I think it’s actually the button.callback that modifies file_source.data

then the above func takes the raw data added to file_source

for fs in file_sources:

fs.on_change('data', file_callback)

lbutton = Button(label=“Upload”, button_type=“success”)

rbutton = Button(label=“Upload2”, button_type=“success”)

lbutton.callback = CustomJS(args=dict(file_source=file_sources[0]), code = JSloadfile)

rbutton.callback = CustomJS(args=dict(file_source=file_sources[1]), code = JSloadfile)

TOOLS = ‘box_select’

lp = figure(plot_width=400, plot_height=400, tools=TOOLS)

rp = figure(plot_width=400, plot_height=400, tools=TOOLS)

plots = blt.gridplot([[lp, rp],

              [lbutton, rbutton]])

curdoc().add_root(plots)

def populate_plots():

debugprint(main_source.data)

# figures created in the global above, this should be called every time

# main_source.data is changed by file_callback at least

lkw = dict(x='lfc', y='p', source=main_source)

rkw = dict(x='lfc_2', y='p_2', source=main_source)

for p, kw in (lp, lkw), (rp, rkw):

    p.circle(alpha=0.4, **kw)

    # plot the text labels, the renderer object is captured so that it can be meddled with

    # alpha is set to zero as we want the labels to be invisible to start off with

    renderer = p.text(text='index', text_alpha=0.5, **kw)

    renderer.nonselection_glyph.text_alpha = 0

    # create the glyphs for selection; note direct call of Text(), not p.text()

    text_glyph = Text(text_alpha=1, text_color='red')

    renderer.selection_glyph = text_glyph

DEBUG = True

# UNCOMMENTING BELOW RESULTS IN FUNCTIONAL CHART

def fake_file_callback():

df1 = pd.read_csv('somedat.csv', index_col=0)

df2 = pd.read_csv('somedat2.csv', index_col=0)

df2.columns = [c+'_2' for c in df2.columns]

main_source.data = ColumnDataSource(pd.concat([df1, df2], axis=1, sort=True)).data

fake_file_callback()

populate_plots()

That’s a lot of code so maybe I should summarise.
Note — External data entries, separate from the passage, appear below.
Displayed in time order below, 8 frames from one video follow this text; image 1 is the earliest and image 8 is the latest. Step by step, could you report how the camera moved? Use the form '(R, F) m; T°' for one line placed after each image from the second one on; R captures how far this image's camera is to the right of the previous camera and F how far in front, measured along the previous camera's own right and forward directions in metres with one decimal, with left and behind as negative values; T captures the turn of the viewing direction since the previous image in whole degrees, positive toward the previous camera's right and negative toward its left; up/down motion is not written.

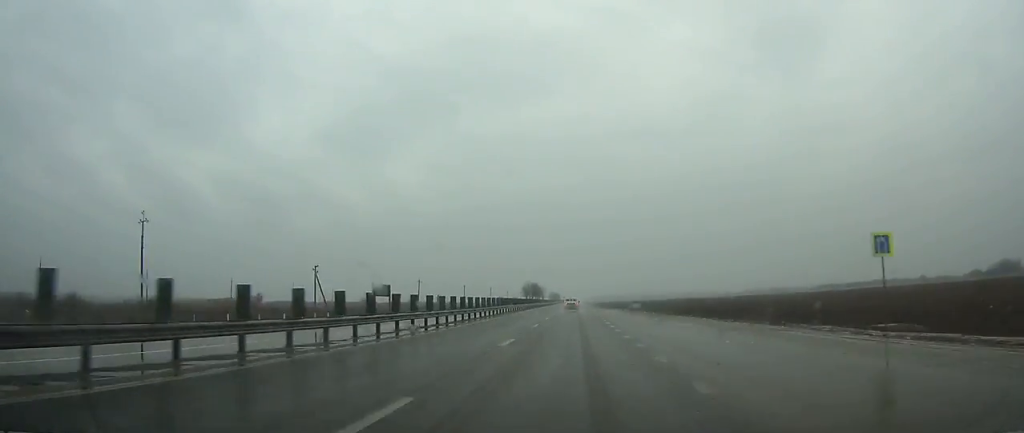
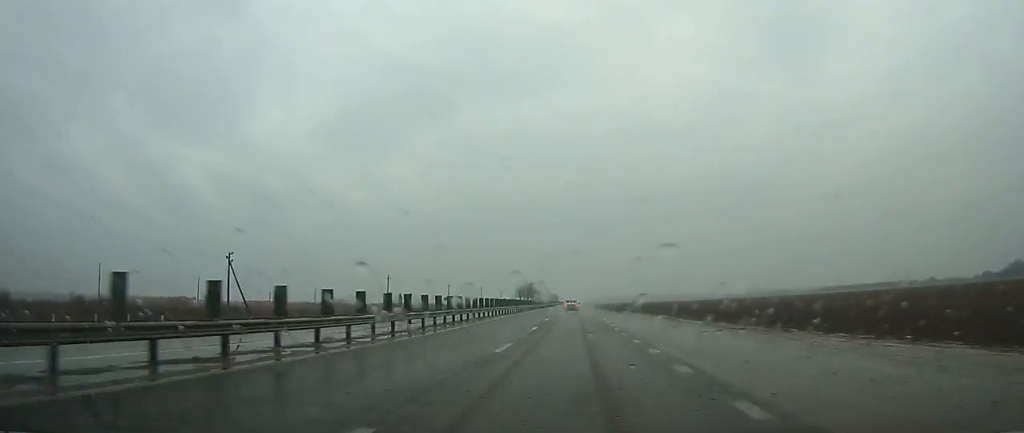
(0.0, +26.1) m; 0°
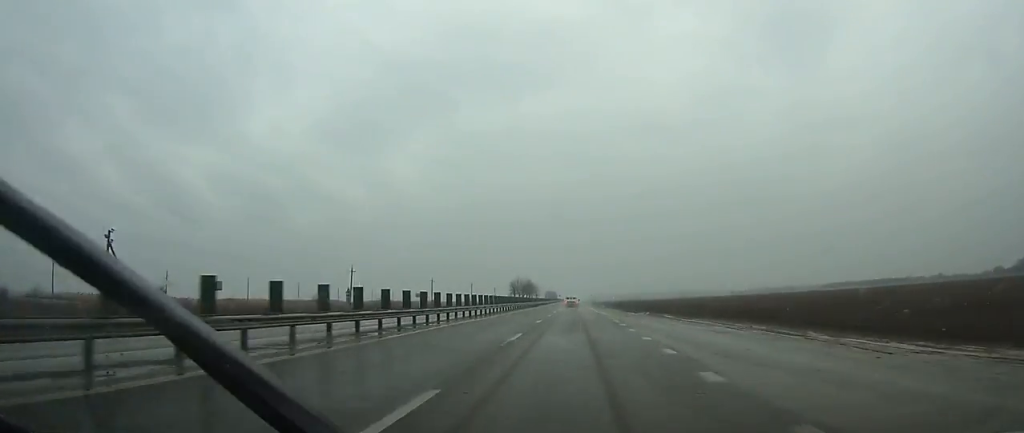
(0.0, +21.8) m; 0°
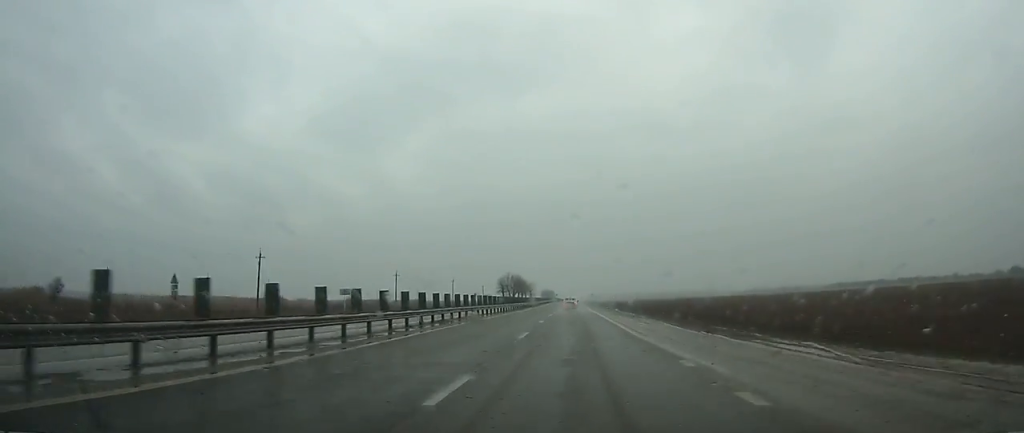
(+0.1, +33.8) m; 0°
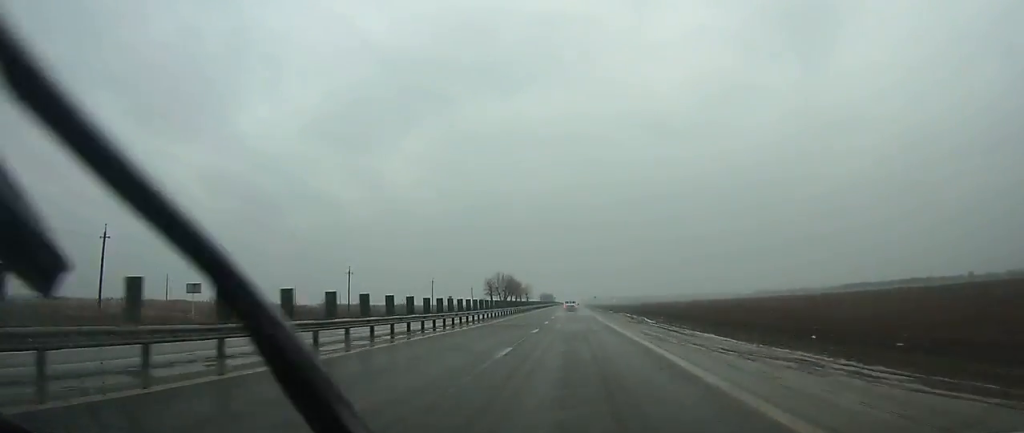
(0.0, +29.5) m; 0°
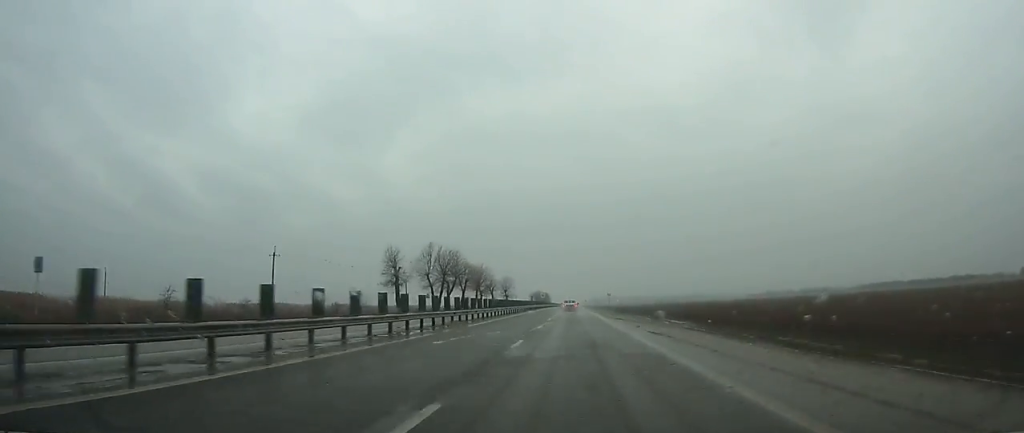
(-0.2, +92.5) m; 0°
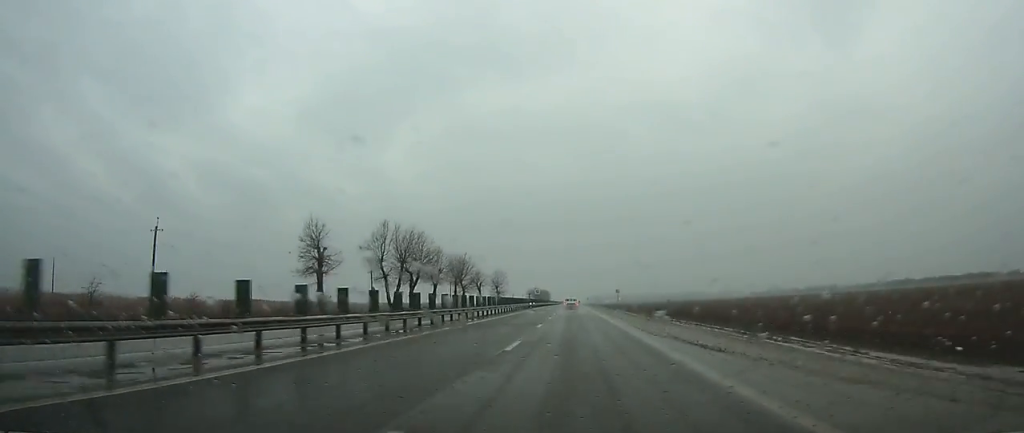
(0.0, +25.5) m; 0°
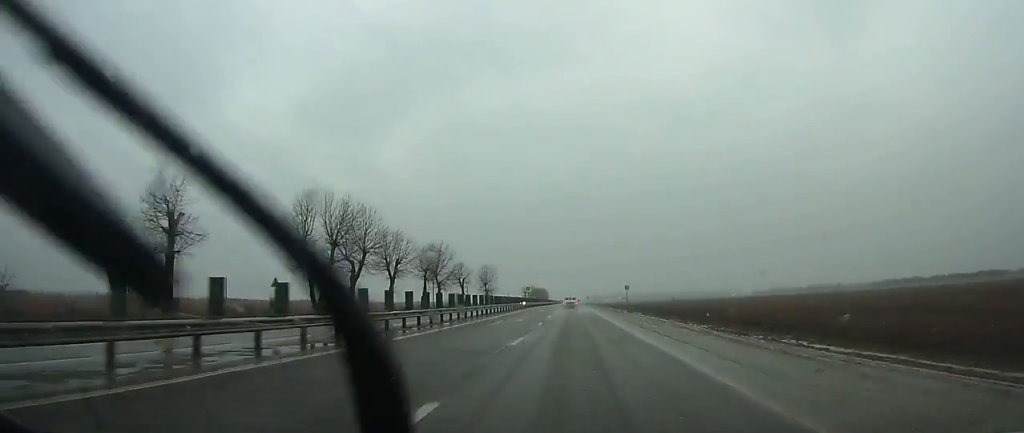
(+0.1, +22.5) m; 0°

The problem occurs when the data is added main_source using file_callback() but not when using *fake_file_callback(). *

In the former case: when the upload buttons are pressed the user must select a file and JS code adds data from the selected files to one of the ColumnDataSource in data_sources. Changes to the data_sources.data attribute calls file_callback(). When both data_sources have data, file_callback processes the binary data into a ColumnDataSource (via a Pandas dataframe) and assigns the local CDS.data to the global main_source.data.

In the case of fake_file_callback(): csv -> pd.DataFrame -> local ColumnDataSource -> main_source.data

So I found a way to make it work, in case anyone cares. I realised the glyph rendering part shouldn’t be called everytime the ColumnDataSource was updated, so I moved it out of a function, to the global scope. I’m not sure why this helped, and I still don’t know why it worked when using fake_file_callback() and not file_callback() but I’m not going to worry about it.